Agarwal Dhiraj, Parker Richard A, Pinnock Hilary, Roy Sudipto, Ghorpade Deesha, Salvi Sundeep, Khatavkar Parag, Juvekar Sanjay
Vadu Rural Health Program, KEM Hospital Research Centre, Pune, India.
Edinburgh Clinical Trials Unit, Usher Institute, The University of Edinburgh, Edinburgh, UK.
Eur Respir J. 2020 Sep 17;56(3). doi: 10.1183/13993003.02129-2019. Print 2020 Sep.
Interpretation of spirometry involves comparing lung function parameters with predicted values to determine the presence/severity of the disease. The Global Lung Function Initiative (GLI) derived reference equations for healthy individuals aged 3-95 years from multiple populations but highlighted India as a "particular group" for whom further data are needed. We aimed to derive predictive equations for spirometry in a rural Western Indian adult population.We used spirometry data previously collected (2008-2012) from 1258 healthy adults (aged 18 years and over) by the Vadu Health and Demographic Surveillance System. We constructed sex-stratified prediction equations for forced expiratory volume in 1 s (FEV), forced vital capacity (FVC), and FEV/FVC using the Generalised Additive Model for Location, Scale and Shape (GAMLSS) method to derive the best fitting model of each outcome as a function of age and height.When compared with GLI Ethnicity Codes 1 (White Caucasian) and 5 (Other/Mixed), the Western Indian adult population appears to have lower lung volumes on average, though the FEV/FVC ratio is comparable. Both age and height were predictive of mean FEV and FVC; and for females, the variability of response was also dependent on age. FEV/FVC appears to have a very strong age effect, highlighting the limitations of using a fixed 0.7 cut-off value.The use of GLI normal values may result in overdiagnosis of lung disease in this population. We recommend that the values and equations generated from this study should be used by physicians in their routine practice for diagnosing disease and its severity in adults from the Western Indian population.
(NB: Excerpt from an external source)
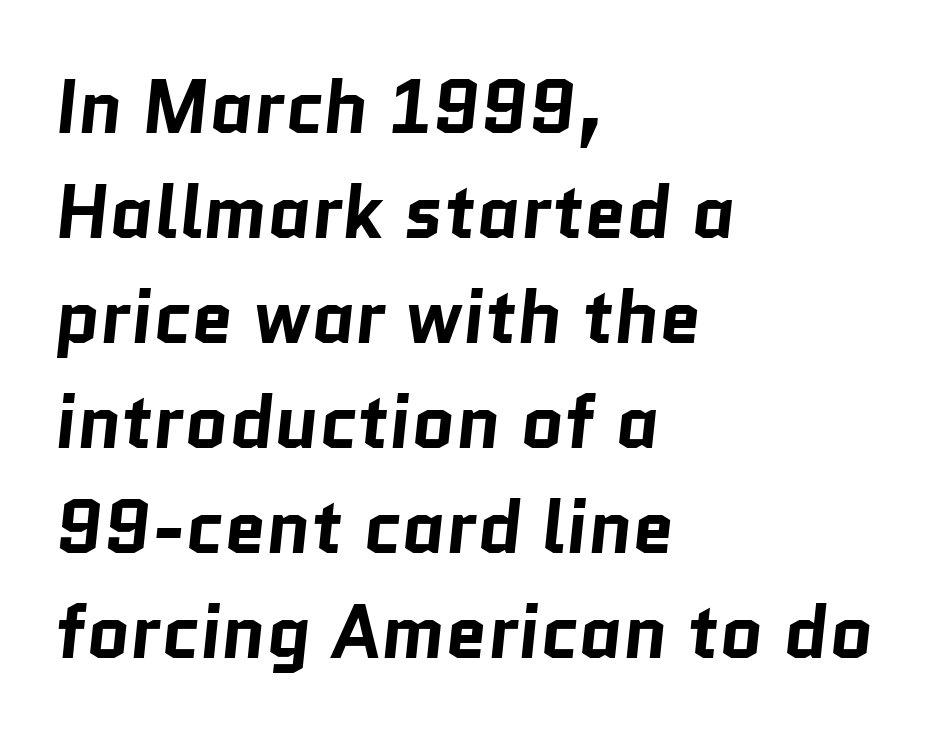
Summary of weight: heavy, a full bold. Decoration check: the copy has no underline. Reading down the block, your eye returns to a fixed left position each line. Note: no serifs on the glyphs. Honestly, the letter spacing is just normal — you wouldn't notice it.

肺功能测定的解读包括将肺功能参数与预测值进行比较,以确定疾病的存在/严重程度。全球肺功能倡议(GLI)从多个群体中得出了3至95岁健康个体的参考方程,但强调印度是一个“特殊群体”,需要更多数据。我们旨在得出印度西部农村成年人群体肺功能测定的预测方程。我们使用了瓦杜健康与人口监测系统先前(2008 - 2012年)收集的1258名健康成年人(18岁及以上)的肺功能测定数据。我们使用位置、尺度和形状的广义相加模型(GAMLSS)方法构建了1秒用力呼气量(FEV)、用力肺活量(FVC)和FEV/FVC的性别分层预测方程,以得出每个结果作为年龄和身高函数的最佳拟合模型。与GLI种族代码1(白种人)和5(其他/混合)相比,印度西部成年人群体平均肺容积似乎较低,不过FEV/FVC比值相当。年龄和身高均能预测平均FEV和FVC;对于女性,反应的变异性也取决于年龄。FEV/FVC似乎有非常强的年龄效应,凸显了使用固定的0.7临界值的局限性。使用GLI正常数值可能会导致该人群中肺部疾病的过度诊断。我们建议医生在日常临床实践中使用本研究得出的数值和方程,以诊断印度西部成年人群体的疾病及其严重程度。